# Work item:
Only the lines from the one containing "30 18 62 -15z" to the end of the material belong in your answer. Please copy them word for word.

---- Study material

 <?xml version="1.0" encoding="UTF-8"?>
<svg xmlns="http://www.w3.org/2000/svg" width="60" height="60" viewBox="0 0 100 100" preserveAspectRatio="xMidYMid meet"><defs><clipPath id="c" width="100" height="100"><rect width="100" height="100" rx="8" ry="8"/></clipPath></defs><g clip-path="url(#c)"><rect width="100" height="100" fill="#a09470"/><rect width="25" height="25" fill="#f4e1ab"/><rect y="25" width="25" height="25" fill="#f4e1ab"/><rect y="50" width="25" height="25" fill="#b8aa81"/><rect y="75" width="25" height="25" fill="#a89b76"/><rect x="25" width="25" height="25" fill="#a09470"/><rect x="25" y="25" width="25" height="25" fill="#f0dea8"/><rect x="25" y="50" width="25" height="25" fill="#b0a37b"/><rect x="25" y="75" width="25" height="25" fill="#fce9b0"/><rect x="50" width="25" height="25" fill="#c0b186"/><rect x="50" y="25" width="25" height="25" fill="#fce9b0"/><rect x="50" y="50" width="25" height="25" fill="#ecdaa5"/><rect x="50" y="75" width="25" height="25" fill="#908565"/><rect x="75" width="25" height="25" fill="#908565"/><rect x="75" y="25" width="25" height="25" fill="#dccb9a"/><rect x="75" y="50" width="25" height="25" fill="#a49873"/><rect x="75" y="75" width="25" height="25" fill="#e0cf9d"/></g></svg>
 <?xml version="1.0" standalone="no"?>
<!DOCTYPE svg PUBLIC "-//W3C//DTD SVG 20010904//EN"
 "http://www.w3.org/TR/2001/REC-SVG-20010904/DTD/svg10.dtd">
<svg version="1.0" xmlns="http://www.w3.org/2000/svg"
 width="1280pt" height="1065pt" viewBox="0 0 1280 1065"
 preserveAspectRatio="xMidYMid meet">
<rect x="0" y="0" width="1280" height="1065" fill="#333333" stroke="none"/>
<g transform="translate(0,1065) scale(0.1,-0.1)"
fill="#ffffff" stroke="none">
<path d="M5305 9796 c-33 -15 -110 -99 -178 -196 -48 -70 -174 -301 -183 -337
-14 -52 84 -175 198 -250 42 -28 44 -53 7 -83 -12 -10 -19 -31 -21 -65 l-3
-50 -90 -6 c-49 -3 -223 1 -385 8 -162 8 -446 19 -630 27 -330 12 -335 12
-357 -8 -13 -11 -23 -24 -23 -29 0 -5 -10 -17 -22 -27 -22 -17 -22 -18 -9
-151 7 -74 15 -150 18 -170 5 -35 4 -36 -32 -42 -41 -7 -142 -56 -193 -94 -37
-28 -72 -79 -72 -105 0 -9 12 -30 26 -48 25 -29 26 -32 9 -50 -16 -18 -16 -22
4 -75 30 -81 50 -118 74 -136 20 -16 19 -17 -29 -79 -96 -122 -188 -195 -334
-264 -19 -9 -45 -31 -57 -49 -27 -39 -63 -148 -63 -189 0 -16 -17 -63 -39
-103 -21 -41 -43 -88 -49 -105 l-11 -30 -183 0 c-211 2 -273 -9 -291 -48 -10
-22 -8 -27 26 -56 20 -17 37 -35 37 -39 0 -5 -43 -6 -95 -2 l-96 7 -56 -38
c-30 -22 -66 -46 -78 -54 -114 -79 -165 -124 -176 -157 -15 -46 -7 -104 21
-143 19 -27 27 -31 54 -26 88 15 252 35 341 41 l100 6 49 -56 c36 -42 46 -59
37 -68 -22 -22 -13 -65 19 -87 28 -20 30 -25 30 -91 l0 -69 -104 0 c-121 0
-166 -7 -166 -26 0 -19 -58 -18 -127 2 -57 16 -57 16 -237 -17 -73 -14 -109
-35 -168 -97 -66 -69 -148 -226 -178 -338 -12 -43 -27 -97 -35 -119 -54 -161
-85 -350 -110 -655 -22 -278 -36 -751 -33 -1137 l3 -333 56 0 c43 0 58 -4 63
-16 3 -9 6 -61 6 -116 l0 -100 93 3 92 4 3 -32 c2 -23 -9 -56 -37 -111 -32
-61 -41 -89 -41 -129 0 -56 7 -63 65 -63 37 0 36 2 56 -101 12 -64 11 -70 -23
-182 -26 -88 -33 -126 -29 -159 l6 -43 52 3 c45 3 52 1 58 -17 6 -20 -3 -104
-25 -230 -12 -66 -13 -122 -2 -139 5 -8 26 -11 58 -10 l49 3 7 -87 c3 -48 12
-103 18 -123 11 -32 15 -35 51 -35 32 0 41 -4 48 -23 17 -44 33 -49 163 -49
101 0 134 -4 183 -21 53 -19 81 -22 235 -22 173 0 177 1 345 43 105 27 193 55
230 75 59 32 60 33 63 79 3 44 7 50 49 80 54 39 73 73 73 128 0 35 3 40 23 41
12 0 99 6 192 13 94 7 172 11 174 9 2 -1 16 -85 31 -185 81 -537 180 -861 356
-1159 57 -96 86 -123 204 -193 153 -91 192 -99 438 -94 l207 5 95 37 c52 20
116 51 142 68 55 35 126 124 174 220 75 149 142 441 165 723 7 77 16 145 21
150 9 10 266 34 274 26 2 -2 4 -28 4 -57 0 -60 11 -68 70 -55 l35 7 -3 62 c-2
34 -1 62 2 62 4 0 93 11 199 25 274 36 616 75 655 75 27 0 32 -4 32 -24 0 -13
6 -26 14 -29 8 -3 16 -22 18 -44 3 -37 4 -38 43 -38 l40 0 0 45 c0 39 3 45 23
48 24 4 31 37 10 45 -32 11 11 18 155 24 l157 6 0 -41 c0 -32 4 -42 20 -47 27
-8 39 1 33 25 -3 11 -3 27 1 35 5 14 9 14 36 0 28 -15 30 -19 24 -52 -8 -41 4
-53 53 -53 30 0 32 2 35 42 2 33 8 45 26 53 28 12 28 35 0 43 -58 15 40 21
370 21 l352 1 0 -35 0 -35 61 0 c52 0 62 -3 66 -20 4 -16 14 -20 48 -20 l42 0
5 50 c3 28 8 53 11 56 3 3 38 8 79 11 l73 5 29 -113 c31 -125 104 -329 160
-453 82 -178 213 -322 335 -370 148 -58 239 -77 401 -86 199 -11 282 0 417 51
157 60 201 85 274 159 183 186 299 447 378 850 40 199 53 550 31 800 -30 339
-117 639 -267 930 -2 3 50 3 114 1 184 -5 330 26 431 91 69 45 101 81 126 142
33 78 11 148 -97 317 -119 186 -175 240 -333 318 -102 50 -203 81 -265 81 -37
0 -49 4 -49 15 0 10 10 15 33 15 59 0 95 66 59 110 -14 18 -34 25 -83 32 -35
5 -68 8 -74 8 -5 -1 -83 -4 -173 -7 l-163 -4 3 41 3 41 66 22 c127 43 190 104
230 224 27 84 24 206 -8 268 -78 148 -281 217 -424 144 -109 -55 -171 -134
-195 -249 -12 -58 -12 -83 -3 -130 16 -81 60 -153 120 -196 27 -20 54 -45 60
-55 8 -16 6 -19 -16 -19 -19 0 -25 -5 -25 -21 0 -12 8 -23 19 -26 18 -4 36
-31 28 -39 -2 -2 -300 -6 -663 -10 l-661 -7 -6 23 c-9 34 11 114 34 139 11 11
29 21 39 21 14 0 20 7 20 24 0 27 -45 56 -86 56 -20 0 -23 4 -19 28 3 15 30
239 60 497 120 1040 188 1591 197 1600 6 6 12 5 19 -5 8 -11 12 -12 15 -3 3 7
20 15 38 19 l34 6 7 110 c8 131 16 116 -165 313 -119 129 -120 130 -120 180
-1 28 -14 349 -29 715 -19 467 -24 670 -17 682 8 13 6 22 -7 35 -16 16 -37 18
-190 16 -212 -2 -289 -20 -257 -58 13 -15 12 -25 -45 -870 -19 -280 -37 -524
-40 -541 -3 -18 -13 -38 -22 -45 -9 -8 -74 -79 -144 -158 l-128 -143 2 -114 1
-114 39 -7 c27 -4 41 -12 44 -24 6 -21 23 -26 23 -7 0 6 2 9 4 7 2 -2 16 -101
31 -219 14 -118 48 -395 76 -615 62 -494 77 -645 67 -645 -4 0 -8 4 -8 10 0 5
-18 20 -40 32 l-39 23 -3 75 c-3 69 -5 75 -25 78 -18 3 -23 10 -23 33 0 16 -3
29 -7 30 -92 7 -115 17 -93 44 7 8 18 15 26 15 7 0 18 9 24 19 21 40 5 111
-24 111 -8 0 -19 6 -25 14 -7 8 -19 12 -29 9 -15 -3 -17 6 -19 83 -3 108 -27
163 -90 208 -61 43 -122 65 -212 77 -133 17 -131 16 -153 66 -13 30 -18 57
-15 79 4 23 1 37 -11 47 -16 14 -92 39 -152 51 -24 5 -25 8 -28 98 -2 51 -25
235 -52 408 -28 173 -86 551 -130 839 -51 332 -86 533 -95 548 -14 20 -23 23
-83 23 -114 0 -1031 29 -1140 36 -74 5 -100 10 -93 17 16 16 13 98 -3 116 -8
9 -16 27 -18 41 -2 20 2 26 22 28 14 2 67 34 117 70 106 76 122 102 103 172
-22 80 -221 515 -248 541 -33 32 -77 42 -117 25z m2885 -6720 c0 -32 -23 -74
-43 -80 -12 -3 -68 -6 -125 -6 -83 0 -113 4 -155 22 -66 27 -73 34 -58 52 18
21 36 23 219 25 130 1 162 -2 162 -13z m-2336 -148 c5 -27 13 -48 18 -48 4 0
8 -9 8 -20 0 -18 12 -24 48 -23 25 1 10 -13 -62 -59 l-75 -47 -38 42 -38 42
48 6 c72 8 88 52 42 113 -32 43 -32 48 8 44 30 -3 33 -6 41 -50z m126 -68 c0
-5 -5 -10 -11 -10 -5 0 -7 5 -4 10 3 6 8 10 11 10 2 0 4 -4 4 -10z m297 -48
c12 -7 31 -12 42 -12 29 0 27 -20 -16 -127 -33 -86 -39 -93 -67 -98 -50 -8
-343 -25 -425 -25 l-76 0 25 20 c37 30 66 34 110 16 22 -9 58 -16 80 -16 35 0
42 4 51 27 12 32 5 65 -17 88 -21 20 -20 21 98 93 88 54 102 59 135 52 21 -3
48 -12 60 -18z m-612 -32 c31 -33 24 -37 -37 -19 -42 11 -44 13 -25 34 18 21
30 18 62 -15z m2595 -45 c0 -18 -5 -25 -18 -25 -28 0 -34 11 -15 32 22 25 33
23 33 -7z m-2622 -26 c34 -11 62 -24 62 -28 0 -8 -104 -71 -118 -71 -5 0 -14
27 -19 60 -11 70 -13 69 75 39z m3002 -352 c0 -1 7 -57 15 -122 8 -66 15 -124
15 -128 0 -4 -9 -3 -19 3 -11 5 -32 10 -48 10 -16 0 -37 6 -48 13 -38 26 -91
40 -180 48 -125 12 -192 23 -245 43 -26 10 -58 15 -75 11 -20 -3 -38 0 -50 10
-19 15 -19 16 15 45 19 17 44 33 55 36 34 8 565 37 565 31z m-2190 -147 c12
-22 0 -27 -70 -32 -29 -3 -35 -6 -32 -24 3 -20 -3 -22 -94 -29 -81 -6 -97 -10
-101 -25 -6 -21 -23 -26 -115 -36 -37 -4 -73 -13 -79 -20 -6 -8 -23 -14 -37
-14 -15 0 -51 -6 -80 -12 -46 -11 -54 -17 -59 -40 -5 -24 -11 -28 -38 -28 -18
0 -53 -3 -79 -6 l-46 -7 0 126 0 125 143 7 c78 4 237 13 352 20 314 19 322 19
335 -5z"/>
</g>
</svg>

--------

# Result for this exercise:
30 18 62 -15z m2595 -45 c0 -18 -5 -25 -18 -25 -28 0 -34 11 -15 32 22 25 33
23 33 -7z m-2622 -26 c34 -11 62 -24 62 -28 0 -8 -104 -71 -118 -71 -5 0 -14
27 -19 60 -11 70 -13 69 75 39z m3002 -352 c0 -1 7 -57 15 -122 8 -66 15 -124
15 -128 0 -4 -9 -3 -19 3 -11 5 -32 10 -48 10 -16 0 -37 6 -48 13 -38 26 -91
40 -180 48 -125 12 -192 23 -245 43 -26 10 -58 15 -75 11 -20 -3 -38 0 -50 10
-19 15 -19 16 15 45 19 17 44 33 55 36 34 8 565 37 565 31z m-2190 -147 c12
-22 0 -27 -70 -32 -29 -3 -35 -6 -32 -24 3 -20 -3 -22 -94 -29 -81 -6 -97 -10
-101 -25 -6 -21 -23 -26 -115 -36 -37 -4 -73 -13 -79 -20 -6 -8 -23 -14 -37
-14 -15 0 -51 -6 -80 -12 -46 -11 -54 -17 -59 -40 -5 -24 -11 -28 -38 -28 -18
0 -53 -3 -79 -6 l-46 -7 0 126 0 125 143 7 c78 4 237 13 352 20 314 19 322 19
335 -5z"/>
</g>
</svg>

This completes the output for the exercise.